Question : Which of the following are true for semi-structured data? A. These data can be organized into a specialized repository. B. These data can be easily stored in RDBMS table C. These data can have associated metadata and keywords. D. JSON and XML data are the example of semi-structured data
1. A,B 2. B,C 3. C,D 4. A,D 5. B,D
Correct Answer : 3 Explanation: Yes, semi-structured data cannot be sired in a specialized repository like RDBMS table or Spread sheets. They are generally stored in individual documents. XML and JSON are the examples of semi-structured data. These data can have associated metadata like schema in XML and possibly keywords etc. So you cannot say that semi-structured data cannot have schema.

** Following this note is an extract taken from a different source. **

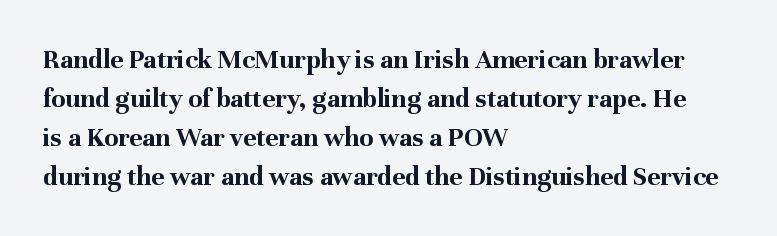
The image shows 28 px bold serif type, upright; set left-aligned, normal line spacing (1.39x), normal letter spacing, not underlined; medium stroke contrast and a medium x-height.
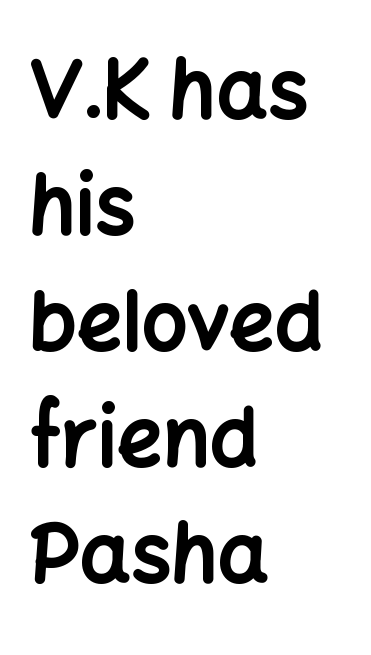
{"serif": "no", "italic": "no", "bold": "yes", "weight": "bold", "width": "normal", "stroke_contrast": "low", "x_height": "medium", "monospaced": "no", "underline": "no", "align": "left", "line_spacing": "normal", "line_spacing_ratio": 1.45, "letter_spacing": "normal", "letter_spacing_em": 0.0, "glyph_px": 80}

Question : Which of the following are example of quasi-structured data? A. XML Data B. JSON Data C. Clickstream data D. Google Search results E. Any Website web page data for scrapping
1. A,B,C 2. B,C,D 3. C,D,E 4. A,D,E 5. A,C,E
Correct Answer : 3 Explanation: Sometime it is very difficult to correctly choose data format between semi-structured and quasi-structured data. So remember that data which has associated metadata and can be formatted or structured using that metadata than they are semi-structured data like JSON and XML data. And data which is still in text format but cannot be easily formatted and require a good and intelligent transformer to convert them in a well format. Like Google search result, Web scrapping data, any web page, and Web server click-stream data.

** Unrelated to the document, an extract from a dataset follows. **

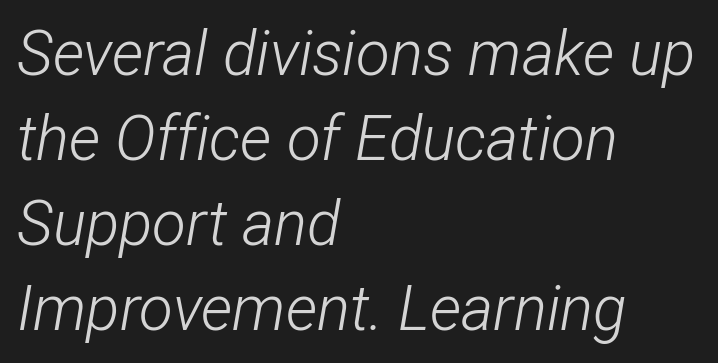
Clear beneath every line of the passage. In CSS terms this would be text-align: left. Students, observe: this is what conventionally led text looks like. These lines are rendered in a variable-pitch font.

Question : Which of the following are the characteristics of the unstructured data? A. It can be easily analyzed. B. It is difficult to query and search these data. C. It is free-form of data D. Audio and video files are example of unstructured data E. These data is scattered and dispersed
1. A,B,C 2. B,C,D 3. C,D,E 4. B,C,D,E 5. A,C,D,E
Correct Answer : 4 Explanation: Example of unstructured data is PDFS, Documents, and Audio and Video files. These data cannot be easily queried or searched. It requires the lot of effort to make sense out of this. You will be using pre-processing like MapReduce algorithm to transform that data in a specialized format like Avro, Parquet etc. before you can query that data.